Causal models (with specific probabilities attached) are sometimes known as "Bayesian networks" or "Bayes nets", since they were invented by Bayesians and make use of Bayes's Theorem. They have all sorts of neat computational advantages which are far beyond the scope of this introduction - e.g. in many cases you can split up a Bayesian network into parts, put each of the parts on its own computer processor, and then update on three different pieces of evidence at once using a neatly local message-passing algorithm in which each node talks only to its immediate neighbors and when all the updates are finished propagating the whole network has settled into the correct state. For more on this see Judea Pearl's Probabilistic Reasoning in Intelligent Systems: Networks of Plausible Inference which is the original book on Bayes nets and still the best introduction I've personally happened to read.

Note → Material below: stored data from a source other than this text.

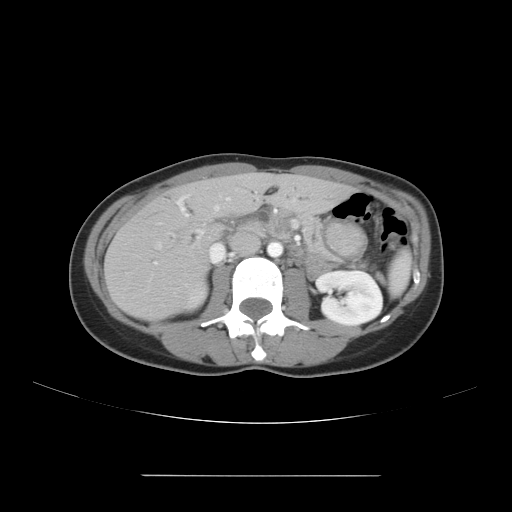

CT

<segmentation>
  <pancreas>box(270, 211, 336, 260)</pancreas>
</segmentation>
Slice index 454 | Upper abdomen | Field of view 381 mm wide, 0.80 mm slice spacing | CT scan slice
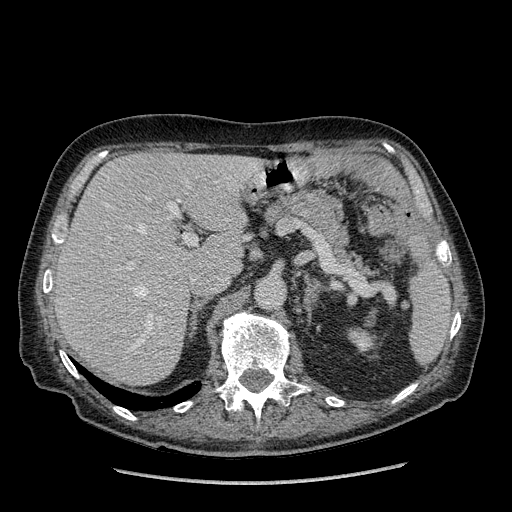

kidney:
  - 348:328:374:350
liver:
  - 55:152:258:385
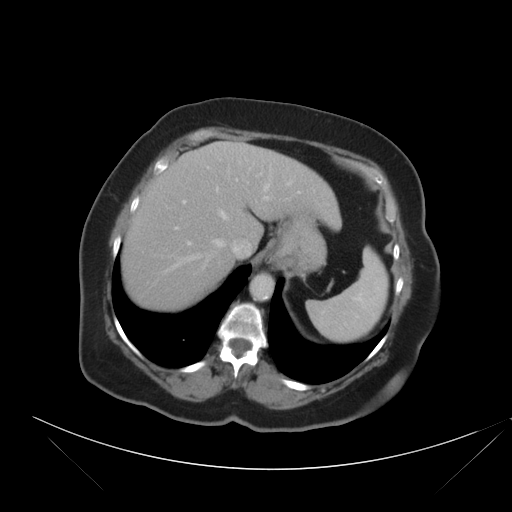
Computed tomography | Liver
The vessel annotation is not exhaustive.
- hepatic vessel: 204, 263, 205, 266; 232, 240, 250, 257; 216, 187, 218, 190; 263, 195, 268, 200; 166, 255, 198, 271; 183, 201, 185, 203; 264, 184, 269, 190; 256, 173, 261, 176; 206, 256, 208, 261; 213, 239, 224, 246; 219, 211, 226, 218; 175, 227, 178, 229; 187, 241, 190, 244; 287, 181, 291, 185
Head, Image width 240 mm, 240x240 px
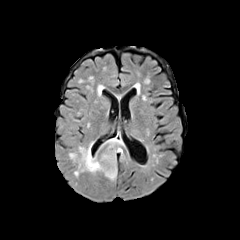
FLAIR MR.
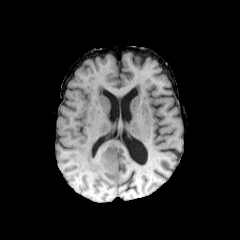
T1-weighted magnetic resonance.
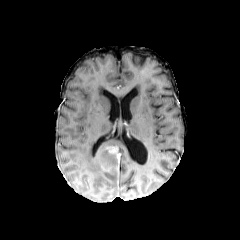
Post-contrast T1-weighted magnetic resonance.
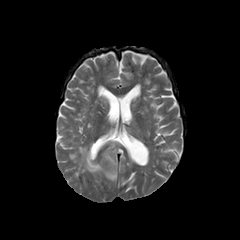
Same slice, T2-weighted MR image.
Edema at 69 132 125 180.
Enhancing tumor at 108 146 117 154.
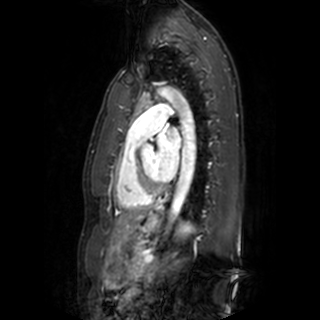
MR. Cardiac. The left atrium is at (left=156, top=128, right=180, bottom=180).
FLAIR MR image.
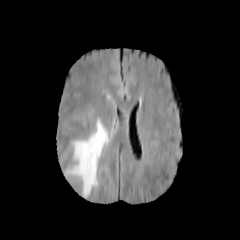
T1-weighted magnetic resonance.
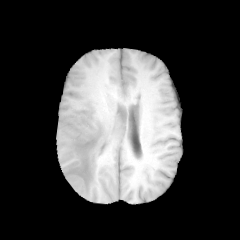
Post-contrast T1-weighted magnetic resonance.
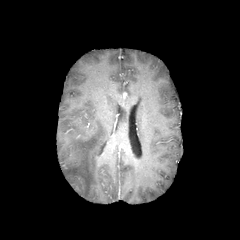
T2-weighted MR.
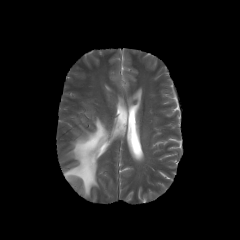
240x240 px
Edema — <bbox>64, 117, 108, 196</bbox>.
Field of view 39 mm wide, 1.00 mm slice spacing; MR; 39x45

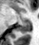
The posterior hippocampus is at l=19, t=21, r=30, b=32.
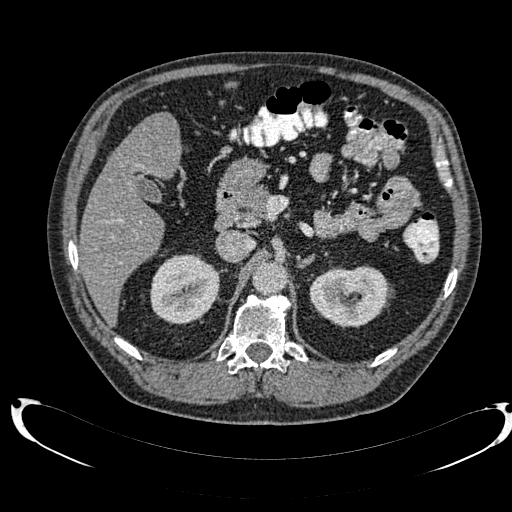

Computed tomography | Abdomen
Hepatic lesion — [x1=151, y1=114, x2=177, y2=136].
Liver — [x1=80, y1=111, x2=181, y2=325], [x1=225, y1=82, x2=236, y2=87].
Kidney — [x1=310, y1=266, x2=389, y2=326], [x1=150, y1=255, x2=219, y2=323].

[1] Somewhat to my own shame, I must admit to ignoring my own observations in this department - even after I saw no discernible effect on my weight or my musculature from aerobic exercise and strength training 2 hours a day 3 times a week, I didn't really start believing that the virtue theory of metabolism was wrong [2] until after other people had started the skeptical dogpile.
[2] I should mention, though, that I have confirmed a personal effect where eating enough cookies (at a convention where no protein is available) will cause weight gain afterward. There's no other discernible correlation between my carbs/protein/fat allocations and weight gain, just that eating sweets in large quantities can cause weight gain afterward. This admittedly does bear with the straight-out virtue theory of metabolism, i.e., eating pleasurable foods is sinful weakness and hence punished with fat.
[3] Or there might be some hidden third factor, a gene which causes both fat and non-exercise. By Occam's Razor this is more complicated and its probability is penalized accordingly, but we can't actually rule it out. It is obviously impossible to do the converse experiment where half the subjects are randomly assigned lower weights, since there's no known intervention which can cause weight loss.
Mainstream status: This is meant to be an introduction to completely bog-standard Bayesian networks, causal models, and causal diagrams. Any departures from mainstream academic views are errors and should be flagged accordingly.